### [Records drawn from a dataset]
---------------

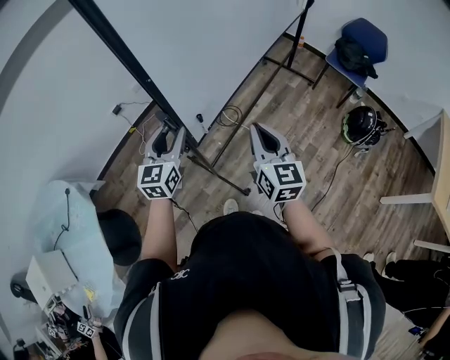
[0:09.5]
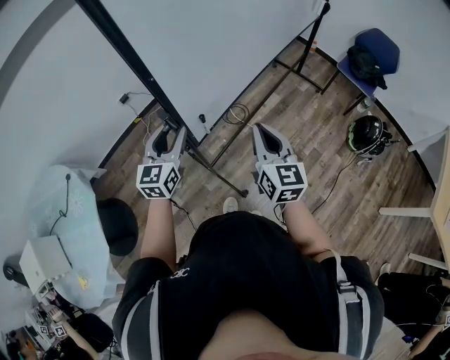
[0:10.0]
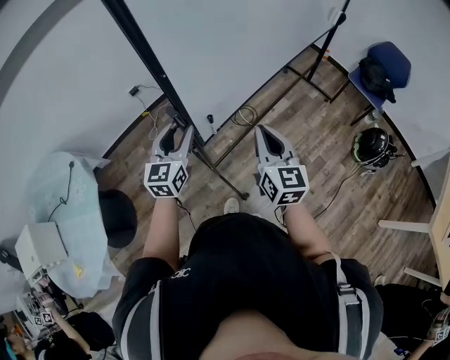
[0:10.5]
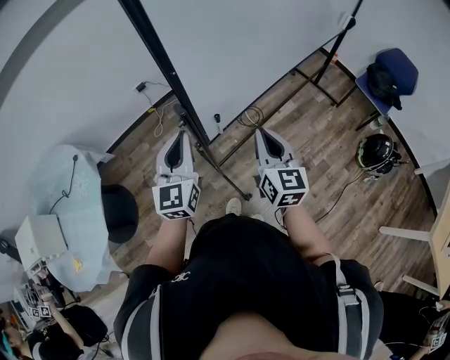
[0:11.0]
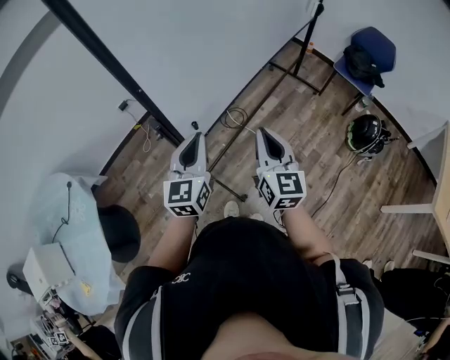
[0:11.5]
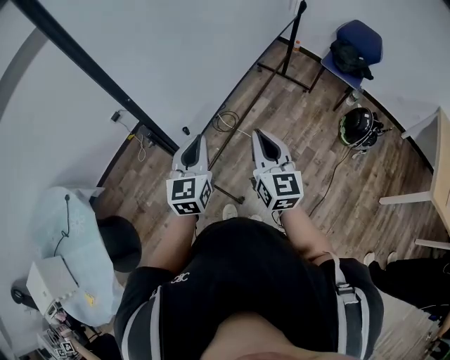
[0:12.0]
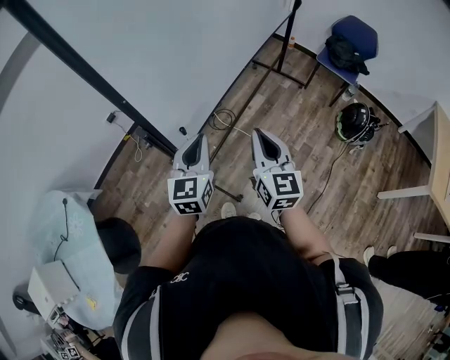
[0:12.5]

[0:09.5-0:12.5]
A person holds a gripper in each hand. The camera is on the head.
0:09.5 to 0:11.0: The right gripper moves to the left, roughly 5 cm. The left gripper shifts roughly 10 cm backward and upward, and closes.
0:11.0 to 0:12.5: The right gripper moves to the right, about 10 cm, while the left gripper goes roughly 15 cm to the right, and swivels some 20 degrees.

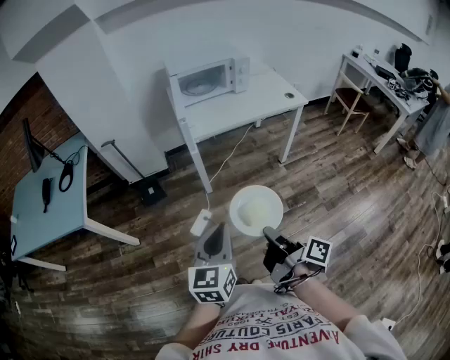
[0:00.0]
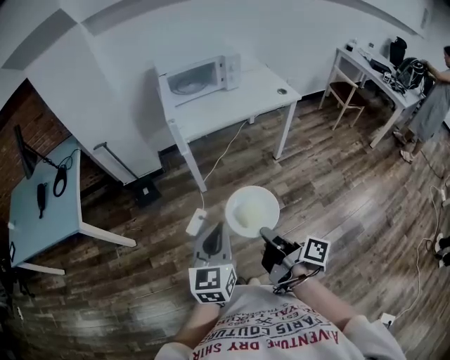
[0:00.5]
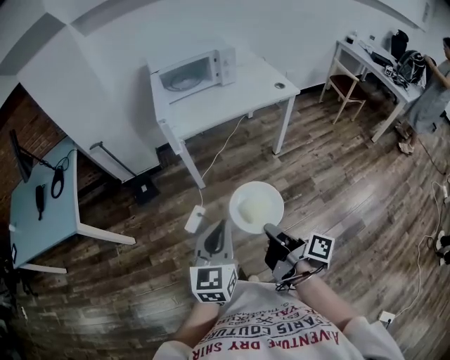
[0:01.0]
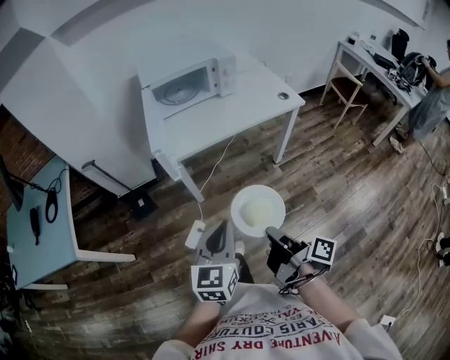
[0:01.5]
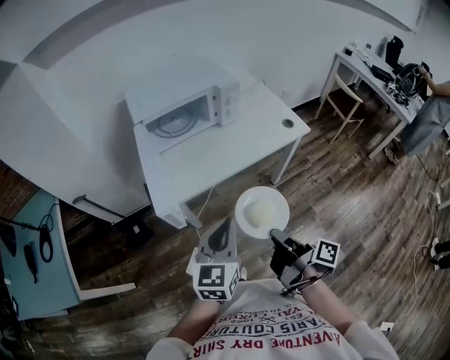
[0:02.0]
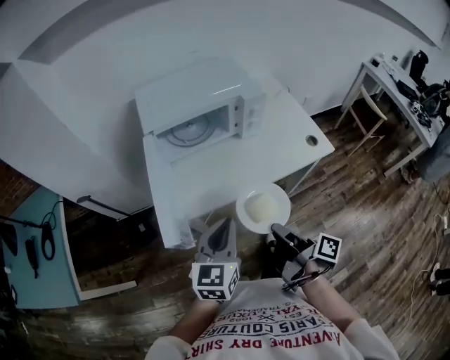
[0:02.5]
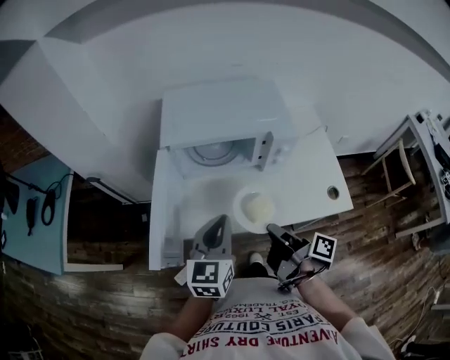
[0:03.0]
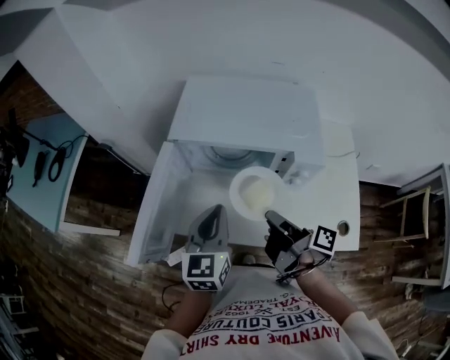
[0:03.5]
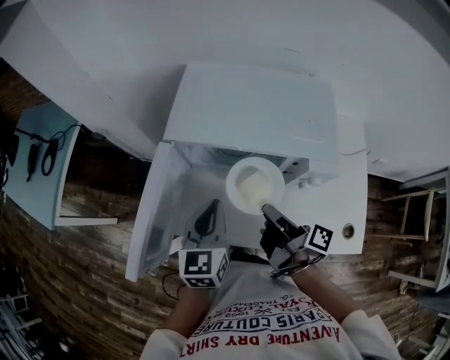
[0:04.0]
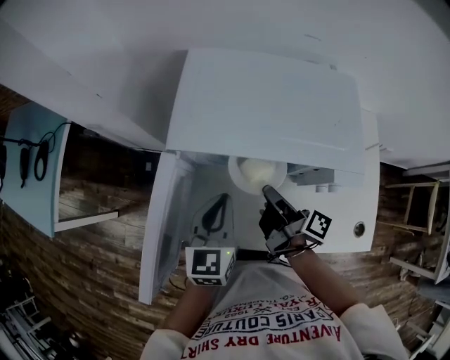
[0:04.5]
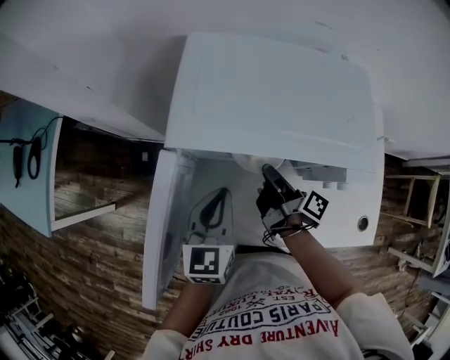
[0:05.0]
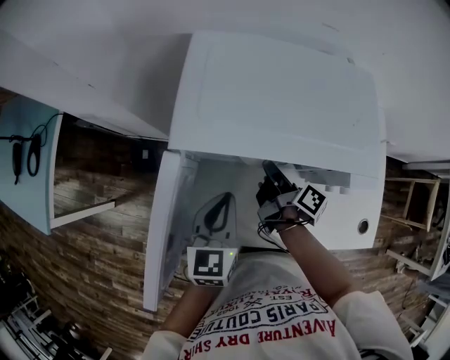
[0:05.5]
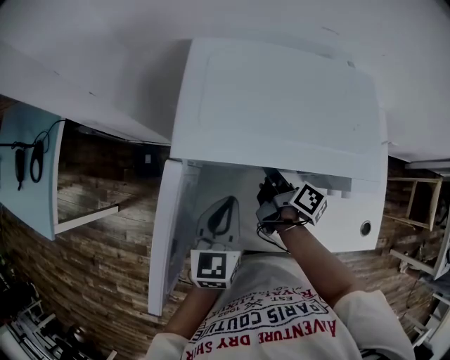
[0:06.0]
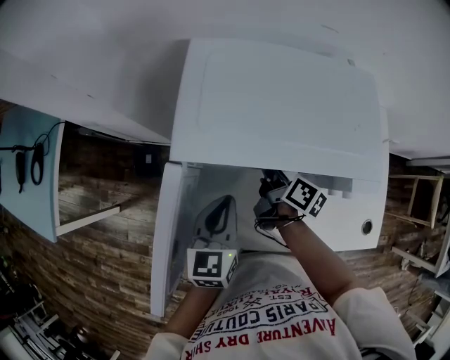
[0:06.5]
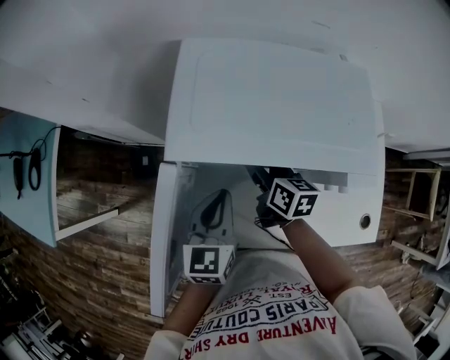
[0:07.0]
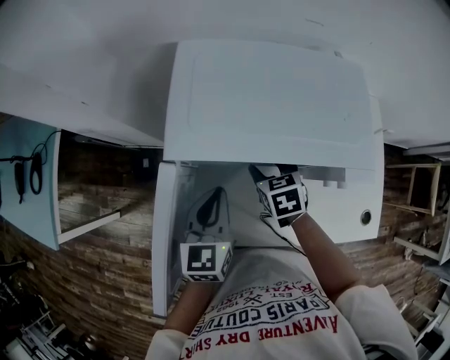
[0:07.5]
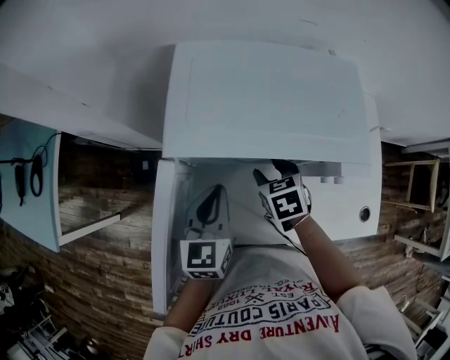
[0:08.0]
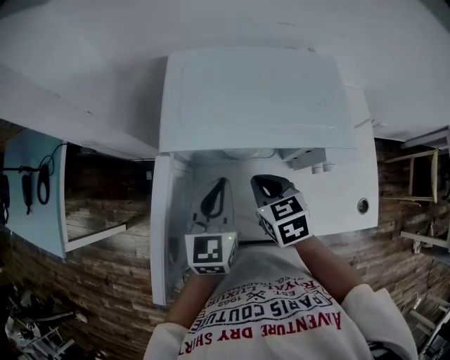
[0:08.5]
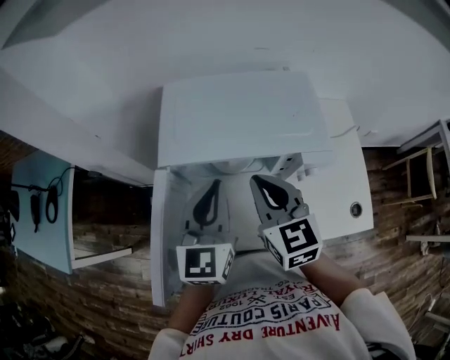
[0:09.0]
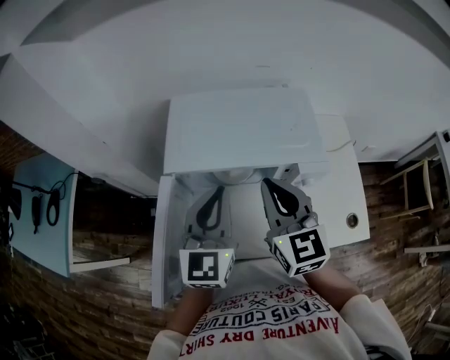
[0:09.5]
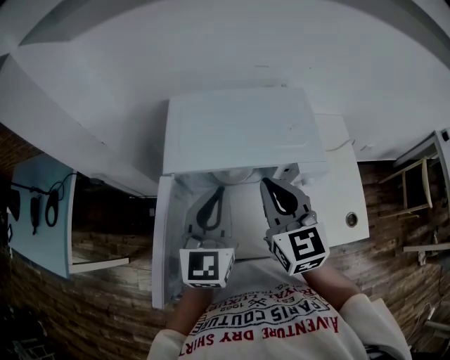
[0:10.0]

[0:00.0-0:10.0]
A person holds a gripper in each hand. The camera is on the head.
0:00.0 to 0:02.0: The left gripper moves about 35 cm.
0:02.0 to 0:04.0: The left gripper changes place by some 35 cm, and swivels approximately 40 degrees.
0:04.0 to 0:06.0: The left gripper shifts by approximately 10 cm.
0:08.0 to 0:10.0: The left gripper heads upward, covering some 15 cm, and swivels approximately 20 degrees.
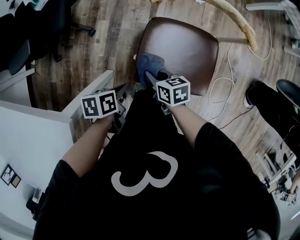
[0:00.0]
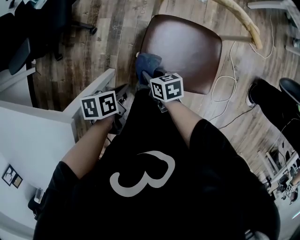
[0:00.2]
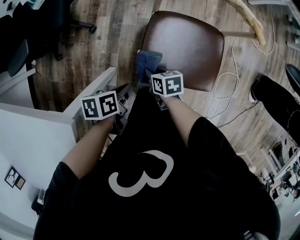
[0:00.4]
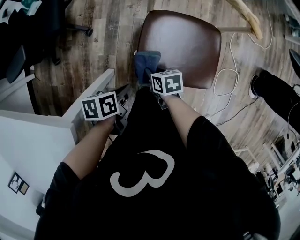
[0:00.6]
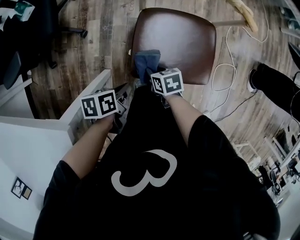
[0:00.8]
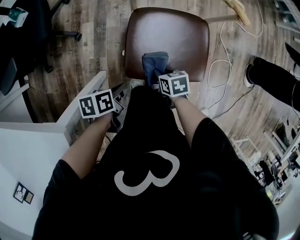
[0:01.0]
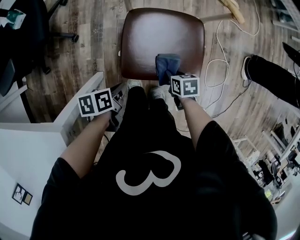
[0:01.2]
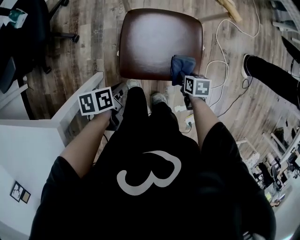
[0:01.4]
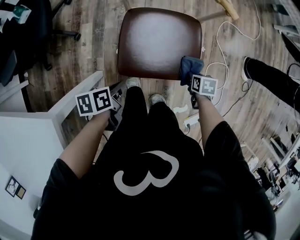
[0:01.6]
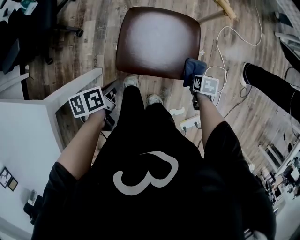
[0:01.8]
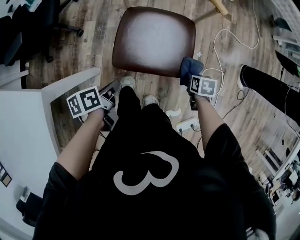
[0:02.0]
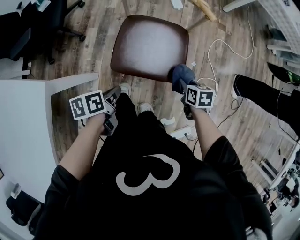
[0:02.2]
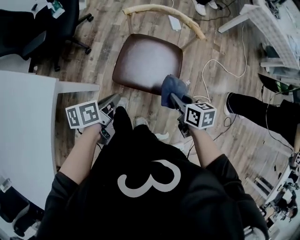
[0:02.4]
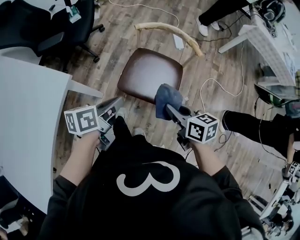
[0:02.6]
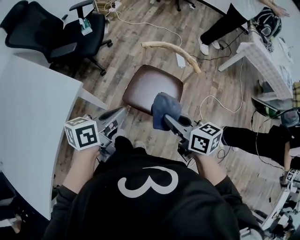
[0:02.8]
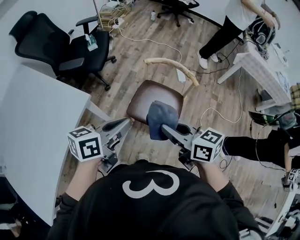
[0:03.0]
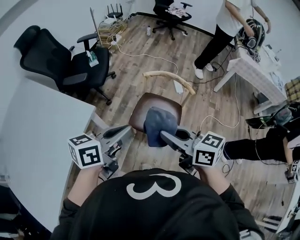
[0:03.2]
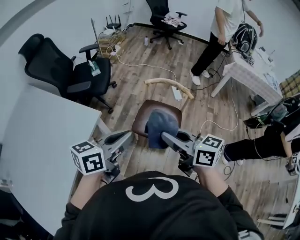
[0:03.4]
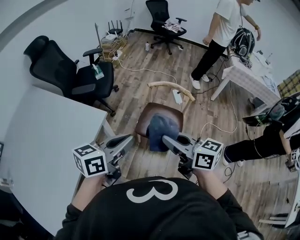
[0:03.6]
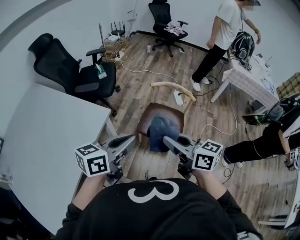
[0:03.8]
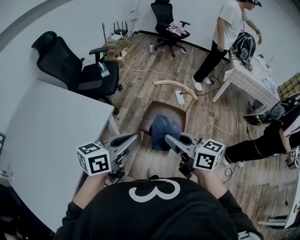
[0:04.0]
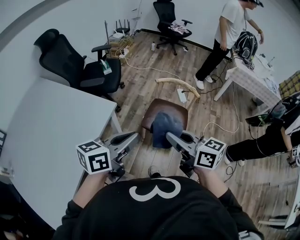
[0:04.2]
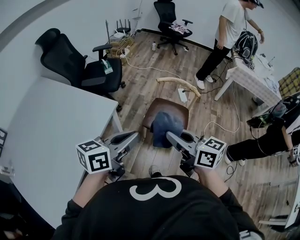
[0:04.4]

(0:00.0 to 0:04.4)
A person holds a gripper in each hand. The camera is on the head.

---------------

### [YOUR GOAL]
Every line of the records above must reappear exactly, though the pictures must not.

### [TASK ANSWER]
[0:09.5]
[0:10.0]
[0:10.5]
[0:11.0]
[0:11.5]
[0:12.0]
[0:12.5]

[0:09.5-0:12.5]
A person holds a gripper in each hand. The camera is on the head.
0:09.5 to 0:11.0: The right gripper moves to the left, roughly 5 cm. The left gripper shifts roughly 10 cm backward and upward, and closes.
0:11.0 to 0:12.5: The right gripper moves to the right, about 10 cm, while the left gripper goes roughly 15 cm to the right, and swivels some 20 degrees.

[0:00.0]
[0:00.5]
[0:01.0]
[0:01.5]
[0:02.0]
[0:02.5]
[0:03.0]
[0:03.5]
[0:04.0]
[0:04.5]
[0:05.0]
[0:05.5]
[0:06.0]
[0:06.5]
[0:07.0]
[0:07.5]
[0:08.0]
[0:08.5]
[0:09.0]
[0:09.5]
[0:10.0]

[0:00.0-0:10.0]
A person holds a gripper in each hand. The camera is on the head.
0:00.0 to 0:02.0: The left gripper moves about 35 cm.
0:02.0 to 0:04.0: The left gripper changes place by some 35 cm, and swivels approximately 40 degrees.
0:04.0 to 0:06.0: The left gripper shifts by approximately 10 cm.
0:08.0 to 0:10.0: The left gripper heads upward, covering some 15 cm, and swivels approximately 20 degrees.
[0:00.0]
[0:00.2]
[0:00.4]
[0:00.6]
[0:00.8]
[0:01.0]
[0:01.2]
[0:01.4]
[0:01.6]
[0:01.8]
[0:02.0]
[0:02.2]
[0:02.4]
[0:02.6]
[0:02.8]
[0:03.0]
[0:03.2]
[0:03.4]
[0:03.6]
[0:03.8]
[0:04.0]
[0:04.2]
[0:04.4]

(0:00.0 to 0:04.4)
A person holds a gripper in each hand. The camera is on the head.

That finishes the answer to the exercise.